Il generale Bagration, in attesa dell'arrivo delle truppe di riserva e dei corpi d'armata in movimento dal settore settentrionale, prese la decisione di trasferire nel settore delle "frecce" parte delle forze di fanteria di seconda linea del 7º corpo del generale Raevskij che difendeva la "Grande ridotta" e inoltre richiese al generale Tuckov, comandante del 3º corpo schierato nell'area di Utiža, l'invio della divisione di fanteria del generale Konovnicyn.
Generale Louis-Nicolas de Razout. Si comportò eroicamente durante la campagna di Russia
Il secondo attacco francese contro le "frecce" venne sferrato da ovest dal maresciallo Ney con la divisione del generale Jean Nicolas Razout e la divisione del generale François Ledru del III corpo, sostenute in seconda linea dalla divisione del generale Jean Gabriel Marchand, costituita da truppe del Württemberg; questi reparti attaccarono frontalmente a ranghi serrati le due fortificazioni settentrionali, mentre quella meridionale subì l'attacco dalla divisione del generale Compans, appartenente al I corpo del maresciallo Davout, che tornò all'attacco da sud-ovest. Napoleone aveva ulteriormente rinforzato queste forze inviando il corpo di cavalleria del generale Louis Pierre de Montbrun al maresciallo Ney e la cavalleria dei generali Étienne Nansouty e Marie Victor Latour-Maubourg al maresciallo Davout.
Il maresciallo Ney condusse personalmente l'attacco dei suoi uomini; l'assalto venne contrastato dal fuoco dell'artiglieria russa che decimò le file compatte della fanteria francese; i testimoni rimasero impressionati dalla violenza dei combattimenti e dall'entità delle perdite; con grandi sforzi le divisioni francesi guidate dal maresciallo Ney raggiunsero e conquistarono, dopo scontri a distanza ravvicinata, due fortificazioni.

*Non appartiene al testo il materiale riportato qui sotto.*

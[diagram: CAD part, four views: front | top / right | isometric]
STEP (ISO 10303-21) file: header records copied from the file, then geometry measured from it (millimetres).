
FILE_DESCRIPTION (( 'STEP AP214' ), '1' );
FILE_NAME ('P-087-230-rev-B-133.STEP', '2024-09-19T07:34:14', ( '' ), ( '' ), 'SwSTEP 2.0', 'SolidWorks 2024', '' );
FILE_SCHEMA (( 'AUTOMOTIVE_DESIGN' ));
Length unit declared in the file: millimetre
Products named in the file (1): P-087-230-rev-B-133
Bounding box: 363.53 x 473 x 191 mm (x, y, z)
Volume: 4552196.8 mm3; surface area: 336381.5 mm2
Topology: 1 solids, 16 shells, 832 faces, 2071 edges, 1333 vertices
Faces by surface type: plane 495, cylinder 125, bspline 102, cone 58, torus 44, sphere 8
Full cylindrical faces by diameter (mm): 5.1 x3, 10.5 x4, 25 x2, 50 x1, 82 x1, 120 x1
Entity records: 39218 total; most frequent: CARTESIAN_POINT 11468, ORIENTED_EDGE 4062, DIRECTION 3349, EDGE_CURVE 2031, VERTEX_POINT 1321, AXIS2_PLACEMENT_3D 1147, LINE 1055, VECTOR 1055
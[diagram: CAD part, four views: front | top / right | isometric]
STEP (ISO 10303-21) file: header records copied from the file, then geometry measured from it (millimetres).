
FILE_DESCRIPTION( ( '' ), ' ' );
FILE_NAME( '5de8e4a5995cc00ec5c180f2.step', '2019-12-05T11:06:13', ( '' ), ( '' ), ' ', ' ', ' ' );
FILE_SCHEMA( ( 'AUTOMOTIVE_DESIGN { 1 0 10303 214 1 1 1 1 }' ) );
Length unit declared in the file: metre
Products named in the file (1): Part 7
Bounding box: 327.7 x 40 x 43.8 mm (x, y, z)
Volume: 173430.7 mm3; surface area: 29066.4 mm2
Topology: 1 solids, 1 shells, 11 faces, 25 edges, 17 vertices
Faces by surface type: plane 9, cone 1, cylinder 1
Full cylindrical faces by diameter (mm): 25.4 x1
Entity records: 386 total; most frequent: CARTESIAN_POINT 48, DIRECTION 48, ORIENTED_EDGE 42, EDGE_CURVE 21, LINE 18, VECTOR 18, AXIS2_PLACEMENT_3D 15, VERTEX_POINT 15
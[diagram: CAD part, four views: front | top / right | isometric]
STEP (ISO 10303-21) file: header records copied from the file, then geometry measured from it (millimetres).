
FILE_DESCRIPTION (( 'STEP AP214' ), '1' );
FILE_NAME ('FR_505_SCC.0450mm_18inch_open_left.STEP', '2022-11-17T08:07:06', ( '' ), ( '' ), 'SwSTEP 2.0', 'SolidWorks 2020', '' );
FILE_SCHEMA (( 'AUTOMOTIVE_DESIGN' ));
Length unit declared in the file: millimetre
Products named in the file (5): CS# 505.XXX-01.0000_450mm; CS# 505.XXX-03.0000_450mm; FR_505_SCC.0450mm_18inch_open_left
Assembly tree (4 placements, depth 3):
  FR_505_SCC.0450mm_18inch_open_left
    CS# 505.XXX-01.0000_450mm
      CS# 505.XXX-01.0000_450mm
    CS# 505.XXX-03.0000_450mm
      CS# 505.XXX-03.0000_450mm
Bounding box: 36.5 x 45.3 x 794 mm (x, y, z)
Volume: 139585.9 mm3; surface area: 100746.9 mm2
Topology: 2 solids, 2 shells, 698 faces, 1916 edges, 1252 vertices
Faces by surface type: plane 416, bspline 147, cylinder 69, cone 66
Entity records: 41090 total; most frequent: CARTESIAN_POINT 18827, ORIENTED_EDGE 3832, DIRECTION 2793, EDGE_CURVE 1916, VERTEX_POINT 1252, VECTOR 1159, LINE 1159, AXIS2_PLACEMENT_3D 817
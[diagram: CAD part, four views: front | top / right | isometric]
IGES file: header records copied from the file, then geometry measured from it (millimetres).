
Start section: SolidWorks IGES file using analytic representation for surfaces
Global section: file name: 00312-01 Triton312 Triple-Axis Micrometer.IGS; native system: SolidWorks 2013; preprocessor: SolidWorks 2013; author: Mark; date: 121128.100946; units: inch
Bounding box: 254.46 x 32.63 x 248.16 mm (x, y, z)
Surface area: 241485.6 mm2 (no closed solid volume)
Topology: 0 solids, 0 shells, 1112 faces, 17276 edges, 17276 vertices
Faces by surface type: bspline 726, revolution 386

I combattimenti furono molto duri ed entrambe le parti subirono sanguinose perdite; l'ammassamento dei reparti, l'intervento della cavalleria, il terreno difficile, la presenza dei terrapieni, trasformarono la battaglia in una mischia confusa spesso all'arma bianca, combattuta nel frastuono, la polvere, le urla dei soldati. Durante la mattinata si succedettero continui attacchi frontali francesi seguiti da altri contrattacchi dei reparti russi. La divisione del generale Razout si spinse con il 18º reggimento anche verso il villaggio distrutto di Semenovskoe da dove però dovette presto ripiegare. La fortificazione meridionale venne conquistata dal 57º reggimento di linea della divisione del generale Compans e da elementi della divisione del generale Ledru, i russi contrattaccarono subito in questo settore e cercarono ancora di riconquistare la posizione.
Ritratto del generale Jean Ernest de Beurmann, eroe della campagna di Russia. (Pastello di Paul Emmanuel Curel).

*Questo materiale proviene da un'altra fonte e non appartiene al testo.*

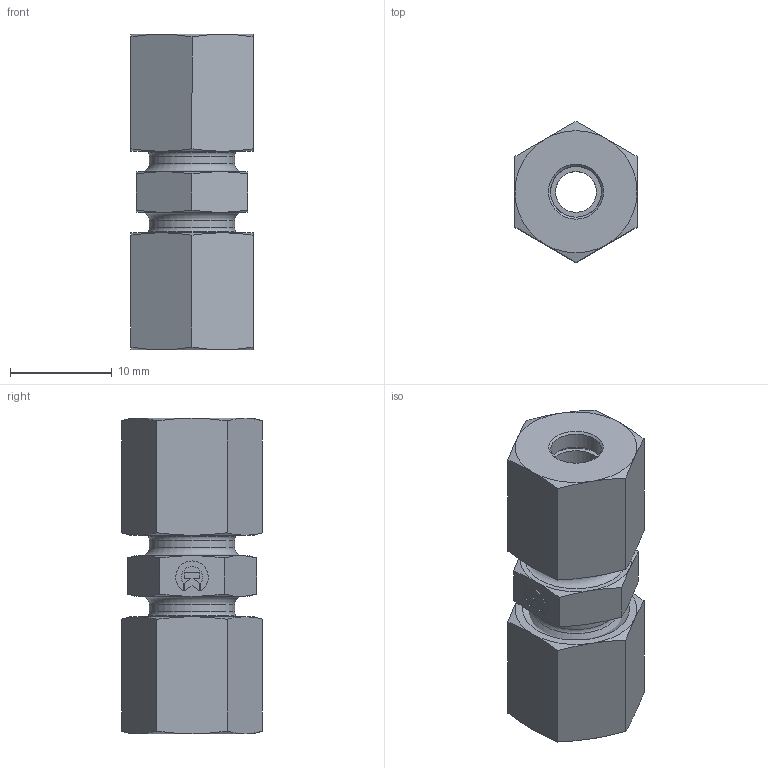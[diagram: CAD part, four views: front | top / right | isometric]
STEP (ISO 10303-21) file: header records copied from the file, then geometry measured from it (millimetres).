
FILE_DESCRIPTION((''),'2;1');
FILE_NAME('321051010.stp','2014-08-15T15:33:33',(''),('KNOMI spol. s r. o.'),'Autodesk Inventor 2012','Autodesk Inventor 2012','');
FILE_SCHEMA(('AUTOMOTIVE_DESIGN { 1 2 10303 214 0 1 1 1 }'));
Length unit declared in the file: millimetre
Products named in the file (4): PS2K Js04 M10x1/M10x1; 311 05 1010; 40005; 3900510
Assembly tree (5 placements, depth 2):
  PS2K Js04 M10x1/M10x1
    311 05 1010
    40005  x2
    3900510  x2
Bounding box: 12 x 13.86 x 31 mm (x, y, z)
Volume: 2965.7 mm3; surface area: 3501.5 mm2
Topology: 5 solids, 5 shells, 145 faces, 330 edges, 207 vertices
Faces by surface type: plane 62, cone 56, cylinder 21, torus 6
Full cylindrical faces by diameter (mm): 4 x1, 5 x6, 6.5 x2, 7 x2, 8.4 x2, 8.917 x2, 10 x2
Entity records: 3078 total; most frequent: CARTESIAN_POINT 581, DIRECTION 476, ORIENTED_EDGE 424, EDGE_CURVE 212, AXIS2_PLACEMENT_3D 189, EDGE_LOOP 154, VERTEX_POINT 146, STYLED_ITEM 115
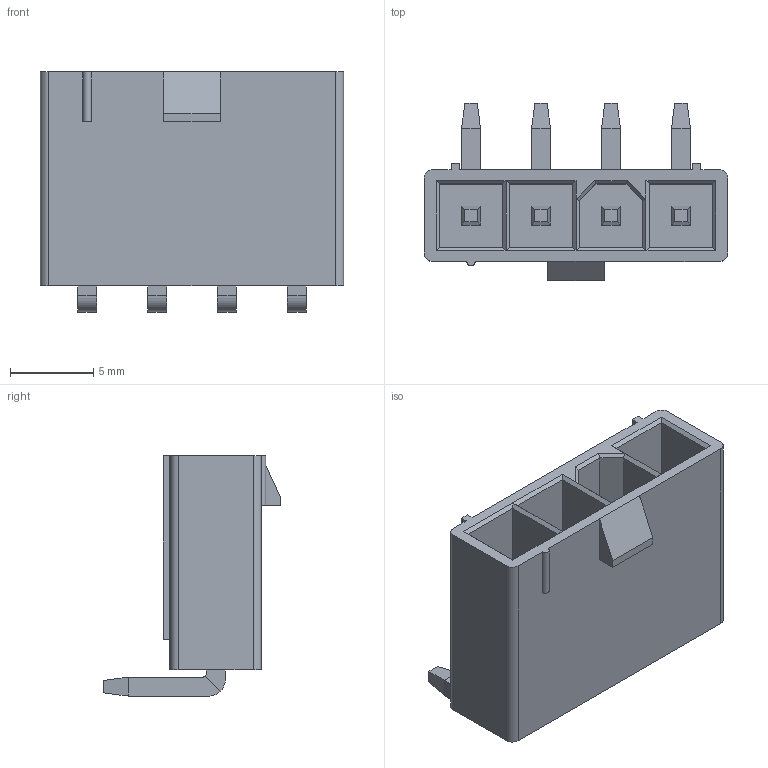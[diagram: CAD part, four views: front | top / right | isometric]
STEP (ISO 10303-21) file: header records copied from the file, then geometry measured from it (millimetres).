
FILE_DESCRIPTION (( 'STEP AP214' ), '1' );
FILE_NAME ('FWF42007-S04B22TK-REF.STEP', '2025-01-14T09:18:12', ( '' ), ( '' ), 'SwSTEP 2.0', 'SolidWorks 2021', '' );
FILE_SCHEMA (( 'AUTOMOTIVE_DESIGN' ));
Length unit declared in the file: millimetre
Products named in the file (1): FWF42007-S04B22TK-REF
Bounding box: 18.2 x 10.65 x 14.42 mm (x, y, z)
Volume: 835 mm3; surface area: 1616.2 mm2
Topology: 1 solids, 1 shells, 161 faces, 388 edges, 238 vertices
Faces by surface type: plane 148, cylinder 13
Entity records: 4582 total; most frequent: CARTESIAN_POINT 788, ORIENTED_EDGE 776, DIRECTION 754, EDGE_CURVE 388, VECTOR 346, LINE 346, VERTEX_POINT 238, AXIS2_PLACEMENT_3D 204

Il III corpo del maresciallo Ney uscì decimato da questi scontri ma dovette continuare a battersi contro gli ultimi resti della divisione del generale Voroncov e contro la 27ª divisione fanteria del generale Neverovskij che a sua volta subì perdite debilitanti; il generale Bagration decise di far intervenire, oltre alle riserve provenienti dal 7º corpo del generale Raevskij, la 2ª divisione granatieri, unità scelta composta anche dai regimenti granatieri di Mosca e di Kiev. Dopo un nuovo contrattacco che permise di riconquistare la seconda fortificazione, intervennero nella battaglia i reggimenti di ussari e dragoni russi al comando del generale Sievers che attaccarono la fanteria francese; alcuni reparti riuscirono ad organizzarsi in quadrati e respinsero la cavalleria, mentre altre formazioni francesi del generale Razout subirono gravi perdite. Nonostante i contrattacchi sferrati dalla brigata di cavalleria del generale Beurmann, costituita da reparti leggeri del Württemberg e cacciatori a cavallo francesi, i granatieri russi riuscirono a mantenere il possesso delle due "frecce" settentrionali.

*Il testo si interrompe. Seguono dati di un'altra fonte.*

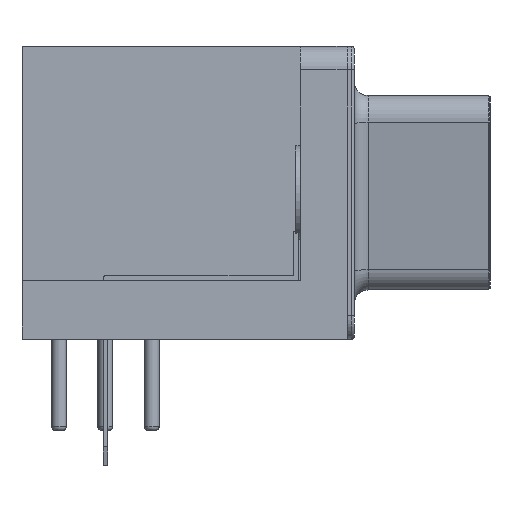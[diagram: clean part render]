
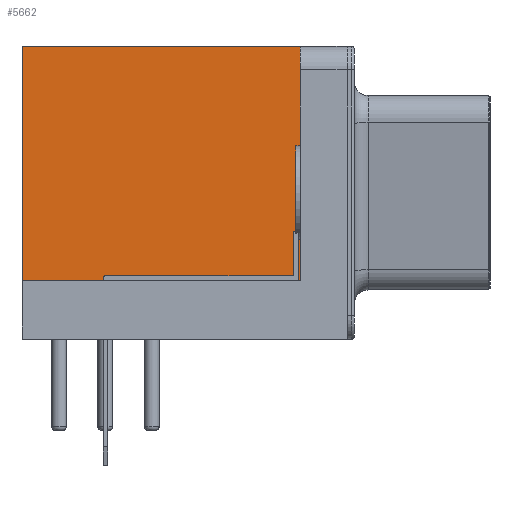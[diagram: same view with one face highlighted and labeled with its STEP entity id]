
A CAD part, left-side view. The second image highlights one B-rep face of the part: STEP entity #5662.
In plain terms, the highlighted planar face has unit normal (-1, 0, 0).
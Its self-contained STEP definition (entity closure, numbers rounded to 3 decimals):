
#4735 = VERTEX_POINT('',#4736);
#4736 = CARTESIAN_POINT('',(-5.593,1.58,12.5));
#4742 = EDGE_CURVE('',#4743,#4735,#4745,.T.);
#4743 = VERTEX_POINT('',#4744);
#4744 = CARTESIAN_POINT('',(-5.593,-10.31,12.5));
#4745 = LINE('',#4746,#4747);
#4746 = CARTESIAN_POINT('',(-5.593,-11.31,12.5));
#4747 = VECTOR('',#4748,1.);
#4748 = DIRECTION('',(0.,1.,0.));
#5632 = VERTEX_POINT('',#5633);
#5633 = CARTESIAN_POINT('',(-5.593,-10.31,2.5));
#5639 = EDGE_CURVE('',#5632,#4743,#5640,.T.);
#5640 = LINE('',#5641,#5642);
#5641 = CARTESIAN_POINT('',(-5.593,-10.31,2.5));
#5642 = VECTOR('',#5643,1.);
#5643 = DIRECTION('',(0.,0.,1.));
#5662 = ADVANCED_FACE('',(#5663),#5681,.F.);
#5663 = FACE_BOUND('',#5664,.F.);
#5664 = EDGE_LOOP('',(#5665,#5666,#5674,#5680));
#5665 = ORIENTED_EDGE('',*,*,#5639,.F.);
#5666 = ORIENTED_EDGE('',*,*,#5667,.T.);
#5667 = EDGE_CURVE('',#5632,#5668,#5670,.T.);
#5668 = VERTEX_POINT('',#5669);
#5669 = CARTESIAN_POINT('',(-5.593,1.58,2.5));
#5670 = LINE('',#5671,#5672);
#5671 = CARTESIAN_POINT('',(-5.593,-10.31,2.5));
#5672 = VECTOR('',#5673,1.);
#5673 = DIRECTION('',(-0.,1.,0.));
#5674 = ORIENTED_EDGE('',*,*,#5675,.T.);
#5675 = EDGE_CURVE('',#5668,#4735,#5676,.T.);
#5676 = LINE('',#5677,#5678);
#5677 = CARTESIAN_POINT('',(-5.593,1.58,4.375));
#5678 = VECTOR('',#5679,1.);
#5679 = DIRECTION('',(0.,0.,1.));
#5680 = ORIENTED_EDGE('',*,*,#4742,.F.);
#5681 = PLANE('',#5682);
#5682 = AXIS2_PLACEMENT_3D('',#5683,#5684,#5685);
#5683 = CARTESIAN_POINT('',(-5.593,-10.31,2.5));
#5684 = DIRECTION('',(1.,0.,0.));
#5685 = DIRECTION('',(0.,0.,1.));
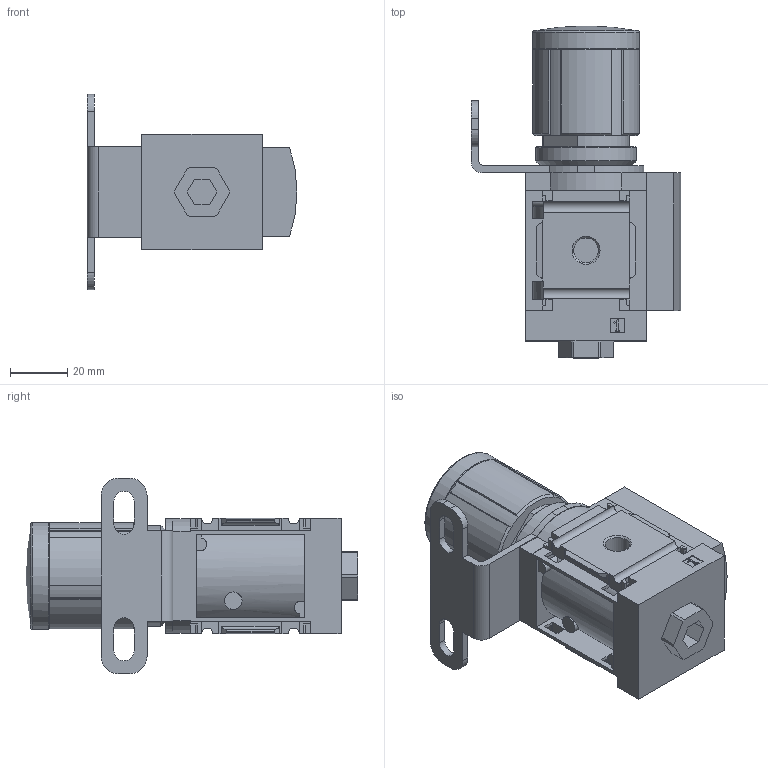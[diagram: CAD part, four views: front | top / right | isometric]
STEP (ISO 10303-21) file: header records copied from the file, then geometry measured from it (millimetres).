
FILE_DESCRIPTION(/* description */ ('STEP AP214'),/* implementation_level */ '2;1');
FILE_NAME(/* name */ '8190233_MS4-LR-1_8-D5-VS-OS-WR',/* time_stamp */ '2024-09-09T19:16:28+02:00',/* author */ ('License CC BY-ND 4.0'),/* organization */ ('CADENAS'),/* preprocessor_version */ 'ST-DEVELOPER v19.3',/* originating_system */ 'PARTsolutions',/* authorisation */ ' ');
FILE_SCHEMA (('AUTOMOTIVE_DESIGN {1 0 10303 214 3 1 1}'));
Length unit declared in the file: millimetre
Products named in the file (4): 8190233 MS4-LR-1/8-D5-VS-OS-WR; 527690 MS4-LR-1/8-D5-VS-OS-WR-0D; 3343944 LRP-...-6; 526064 MS4-WRd
Assembly tree (3 placements, depth 2):
  8190233 MS4-LR-1/8-D5-VS-OS-WR
    527690 MS4-LR-1/8-D5-VS-OS-WR-0D
    3343944 LRP-...-6
    526064 MS4-WRd
Bounding box: 73 x 115.5 x 68 mm (x, y, z)
Volume: 159525.2 mm3; surface area: 31482.5 mm2
Topology: 3 solids, 3 shells, 317 faces, 873 edges, 569 vertices
Faces by surface type: plane 224, cylinder 72, cone 19, sphere 1, torus 1
Full cylindrical faces by diameter (mm): 6.1 x1, 8.566 x2, 28.376 x1, 31.6 x1, 32 x1, 35 x1, 37.2 x1
Entity records: 11981 total; most frequent: CARTESIAN_POINT 1857, ORIENTED_EDGE 1702, DIRECTION 1626, EDGE_CURVE 851, LINE 652, VECTOR 652, VERTEX_POINT 566, AXIS2_PLACEMENT_3D 487

Gli scontri di cavalleria ripresero con l'arrivo di due reggimenti di ulani polacchi che in un primo momento respinsero con successo i cavalleggeri del generale Sievers; ma ben presto gli ulani incapparono nella divisione di cavalleria pesante russa del generale Duka; i corazzieri respinsero i polacchi e poi attaccarono i reparti leggeri del Württemberg, appartenenti alla divisione del generale Marchand. I reparti delle divisioni del generale Dessaix e del generale Razout, esposti allo scoperto alle cariche della cavalleria pesante, si trovarono in grave difficoltà e dovettero in parte ripiegare, perdendo anche la fortificazione meridionale che venne poi riconquistata da un attacco sferrato da un battaglione di cacciatori del Württemberg e da fanteria francese del 72º reggimento di linea della divisione del generale Ledru.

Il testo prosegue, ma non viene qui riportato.